8.    Terms of Use and Opt-out Rights

(a)    Engagement and Use of Our Services. If a customer chooses to engage with NLRG or use our Services, the customer's action is hereby deemed acceptance of NLRG’s practices described in this Privacy Notice. 

(b)    Withdrawal of Consent. If we are relying on your consent to process your personal information, whether express or implied, you have the right to withdraw your consent at any time. You can withdraw your consent by contacting us using any of the methods specified above. However, please note that this will not affect the lawfulness of the processing before its withdrawal nor, when applicable law allows, will it affect the processing of your personal information conducted in reliance on lawful processing grounds other than consent.

(c)    Opting Out of Marketing and Promotional Communications. You can unsubscribe from our marketing and promotional communications at any time by clicking on the unsubscribe link in the emails that we send, replying “STOP” or “UNSUBSCRIBE” to the SMS messages that we send, or by contacting us using the contact information provided above. You will then be removed from the marketing lists — however, we may still communicate with you to send you service-related messages that are necessary for the administration and use of your account, to respond to service requests, or for other non-marketing purposes.

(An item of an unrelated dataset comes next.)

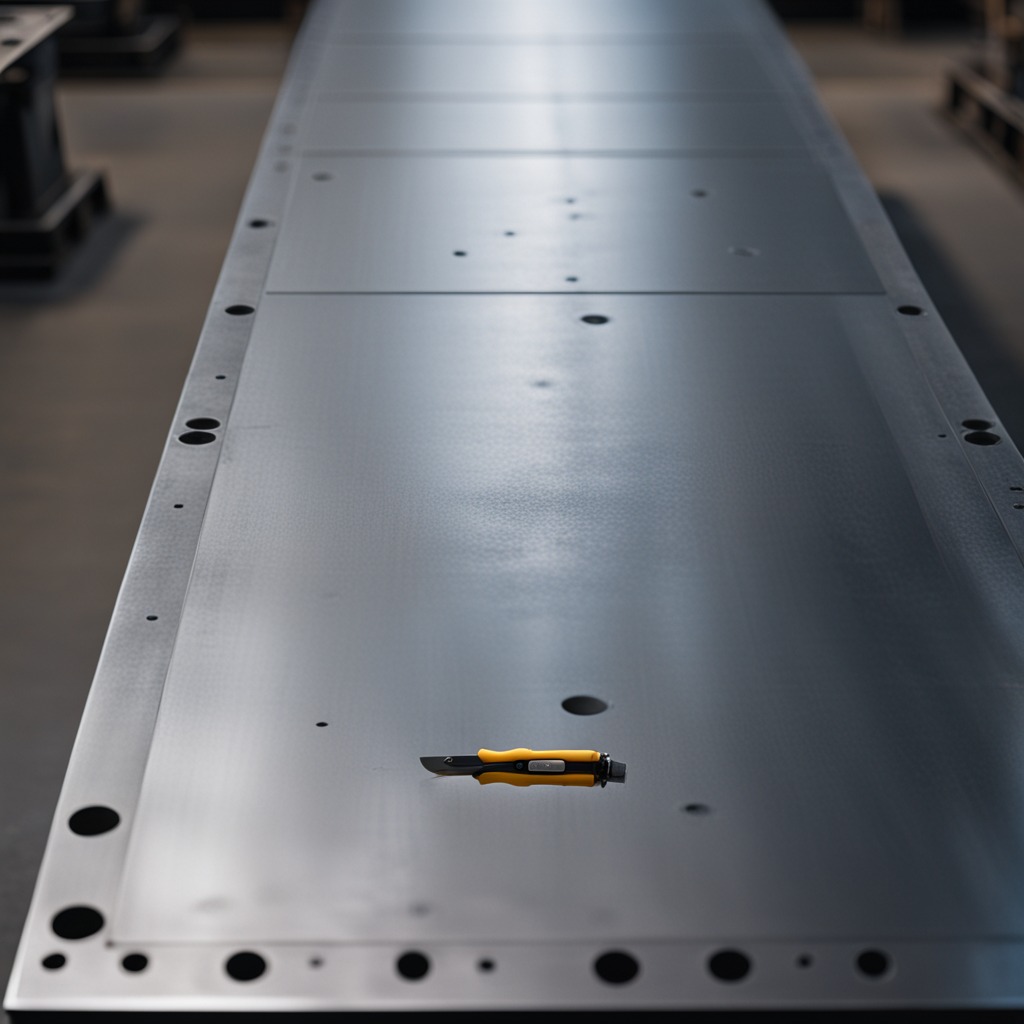
A utility knife is lying on a cold steel table in a mining workshop.

(d)    Account Information, Correction, or Termination. If you would like to review or change the information in your customer account or terminate your account, you can contact us using the contact information provided above. Upon your request to terminate your account, we will deactivate or delete your account and information from our active databases. However, we may retain some information in our files to prevent fraud, troubleshoot problems, assist with any investigations, enforce our legal terms, and/or comply with applicable legal requirements.

(e)    No Collection of Data from Minors. We do not knowingly solicit data from or market to children under 18 years of age. By using our Services, you represent that you are at least 18, or that you are the parent or guardian of a minor and consent to such minor dependent’s use of our Services. If we learn that personal information from a user under 18 years of age has been collected, we will deactivate the account and take reasonable measures to promptly delete such data from our records. If you become aware of any data we may have collected from children under age 18, please contact us at privacy@nlrg.com.

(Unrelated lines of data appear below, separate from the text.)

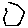
Label: hexagon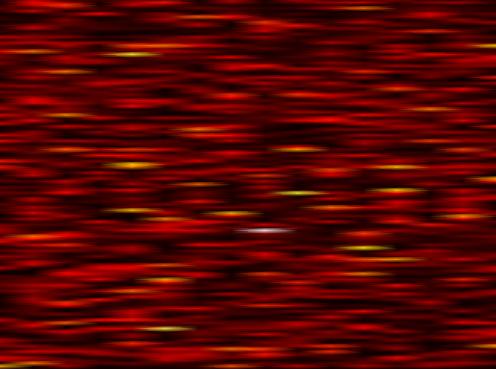
Label: WOLA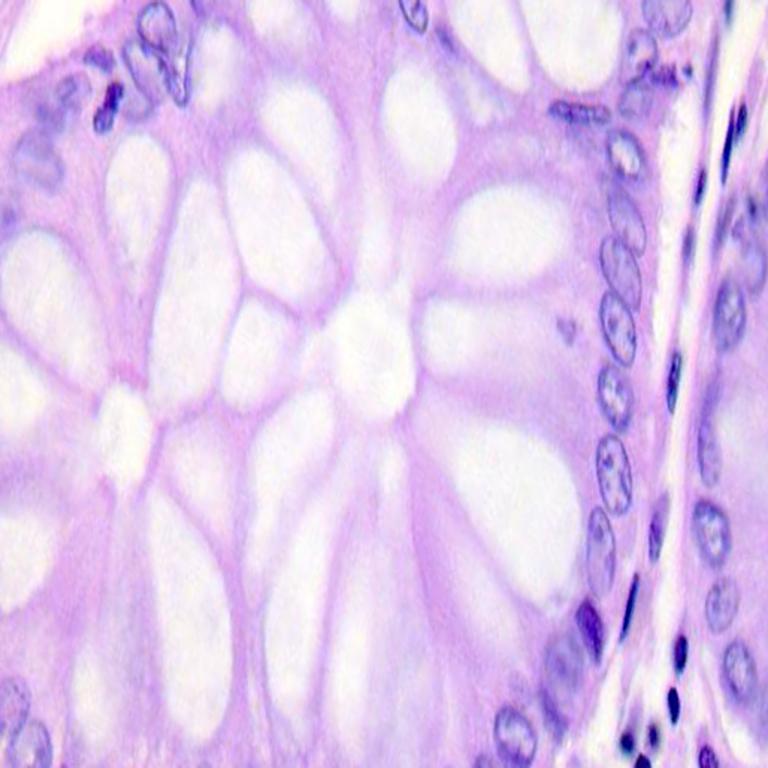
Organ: colon
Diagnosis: benign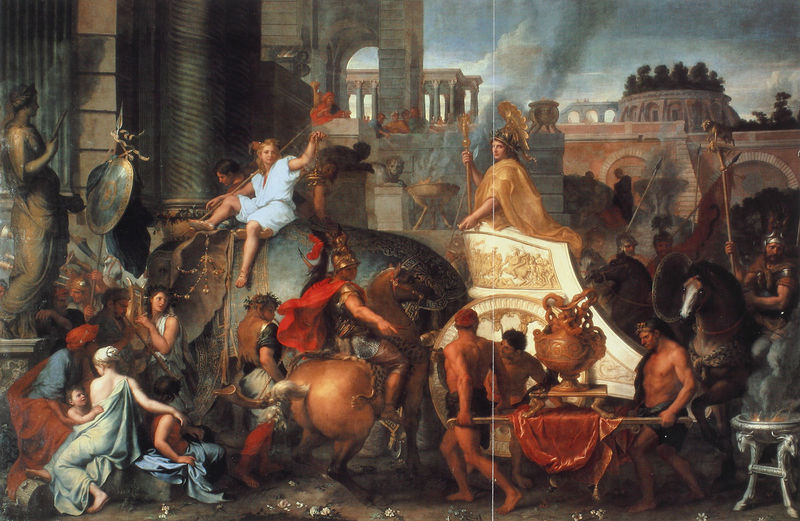
Titel: Der Triumph Alexanders oder Alexanders Einzug nach Babylon
Künstler: Charles Le Brun
Institution: Paris, Musée du Louvre
Schlagwörter: blau, feuer, gemälde, himmel, wolken, bäume, frauen, menschen, stadt, blumen, braun, frau, grau, männer, schwarz, säule, säulen, blüten, rot, tuch, schale, rauch, figur, gold, mantel, kind, renaissance, kinder, pferd, pferde, reiter, skulptur, trage, mauer, wagen, lanze, soldaten, schild, gefäß, burg, waffen, soldat, getümmel, ruinen, helm, ritter, sieg, rom, krieger, feldherr, licht und schatten, himel, opfer, speer, streitwagen, triumphzug, sklaven, kessel, elefant, plünderung, siegeszug, sänfte, triumpfzug, kampfer, hannibal, triumphator, thriumphzug, silbe, root, triuphzug, schgwarzt

(f)    Controls for Do-Not-Track Features. Most web browsers and some mobile operating systems and mobile applications include a Do-Not-Track ("DNT") feature, or other setting that can signal your privacy preference not to have data about your online browsing activities monitored and collected. As of the effective date of this Privacy Notice, no uniform technology standard for recognizing and implementing DNT signals has been finalized. As such, we do not currently respond to DNT browser signals or other mechanisms that automatically communicate your choice not to be tracked online. If a standard for online tracking is adopted that we must follow in the future, we will inform you about that practice in a revised version of this Privacy Notice.